Furthermore, not everything she said, “literally," was even hearsay. But more to the point, unfortunately for the GOP House Judiciary Team, this was not a court trial, which they should know as GOP Judiciary members. And they also should have understood that, whether hearsay or direct evidence or a hearing or a trial…she was under oath at penalty of perjury about everything she “literally” said. And nothing in the GOP House Judiciary tweet said that a single word about what Cassidy Hutchinson testified was untrue.
It was also notable at the end of the day that co-chair Liz Cheney addressed the reality of pressure being put on many of the Republican witness we’ve heard, raising the specter of witness tampering, quoting a couple of them, and making clear that this is something that would be address. Basically this was what nautical experts call giving a warning shot across the bow. There might be quite a few Republicans on the Trump team who come to mind. Rudy Giuliani is one who comes to mind, given that we already know from previous testimony about some of his efforts.
And that one crime only touches the surface of the list of crimes that legal analysts on TV were presenting about what further exposure Trump now has.
The one thing to keep in mind is that everything that Cassidy Hutchinson testified to under oath was valid for the hearing, but not all wouldn’t be admissible in a court. Though some would. So, to the DOJ, yesterday’s hearing has to be seen as the starting point for getting the information they can use. Some or much of which, I suspect, they already have.
And in the end, one other bit of testimony stood out for me – and it wasn’t from Ms. Hutchinson. Rather, it was a video of retired Gen. Mike Flynn being questioned by Liz Cheney. And when asked if he thought the violence on January 6 was morally justified, he pled the Fifth Amendment. And when asked if he thought that the violence on January 6 was morally justified, he again pled the Fifth Amendment. But the one that most-caught my attention was when he was given a softball from Rep. Cheney. “Gen. Flynn,” she asked, “do you believe in the peaceful transfer of power in the United States of America?”

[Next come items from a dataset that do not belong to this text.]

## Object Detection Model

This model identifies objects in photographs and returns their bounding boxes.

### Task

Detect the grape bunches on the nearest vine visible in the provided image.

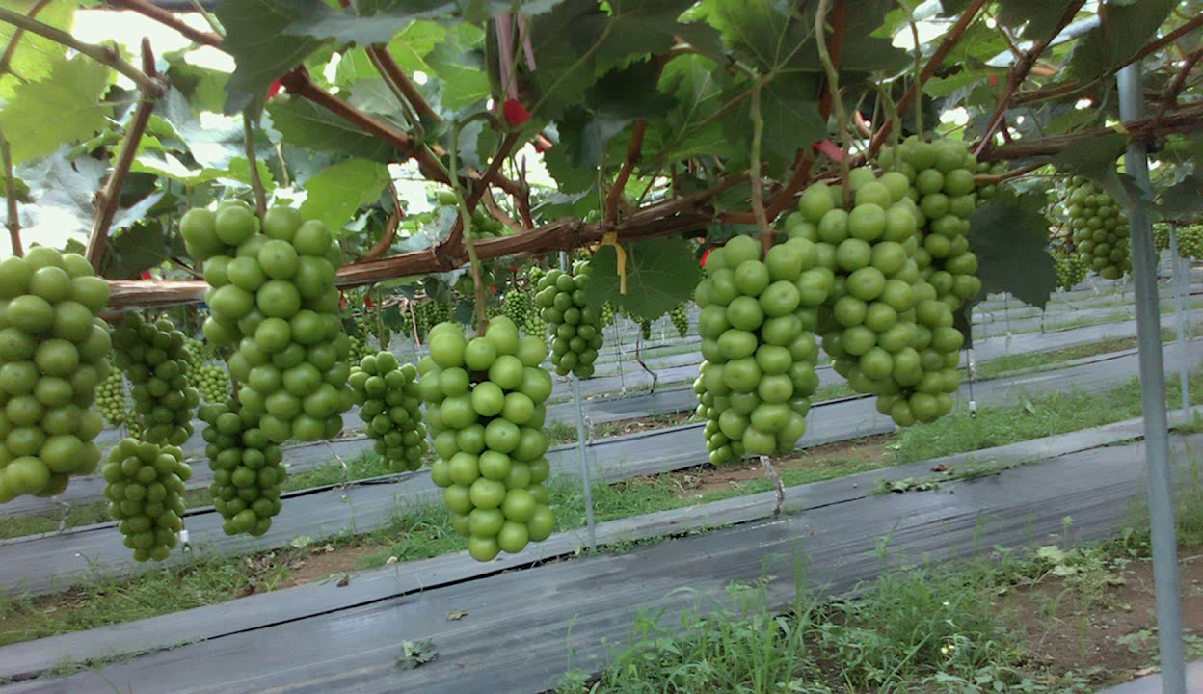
[786,169,923,387]
[0,247,114,505]
[693,236,834,456]
[818,251,965,428]
[878,135,981,315]
[419,315,557,561]
[178,198,357,442]
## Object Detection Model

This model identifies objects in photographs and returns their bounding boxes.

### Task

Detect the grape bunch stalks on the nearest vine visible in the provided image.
[666,45,775,254]
[842,79,902,175]
[815,2,855,214]
[897,0,923,141]
[244,114,267,222]
[449,111,508,335]
[7,190,25,258]

To which the retired general answered, “The Fifth.”
It is my hope that Mike Flynn is re-activated to service, court-martialed and then stripped in rank. That isn’t likely to happen, but it remains one of my hopes. And I don’t put it in the fantasy file.
And in the end, that one exchange may best describe what this hearing is all about. A retired general whose sworn oath and duty of his career was to defend the Constitution and country couldn’t answer “Do you believe in the peaceful transfer of power in the United States of America?” He believed that responding might incriminate himself.
That is the Trump administration and his enabling acolytes surrounding him – in office and in the public.
That’s today’s Republican Party.
Robert J. Elisberg is a political commentator, screenwriter, novelist, tech writer and also some other things that I just tend to keep forgetting.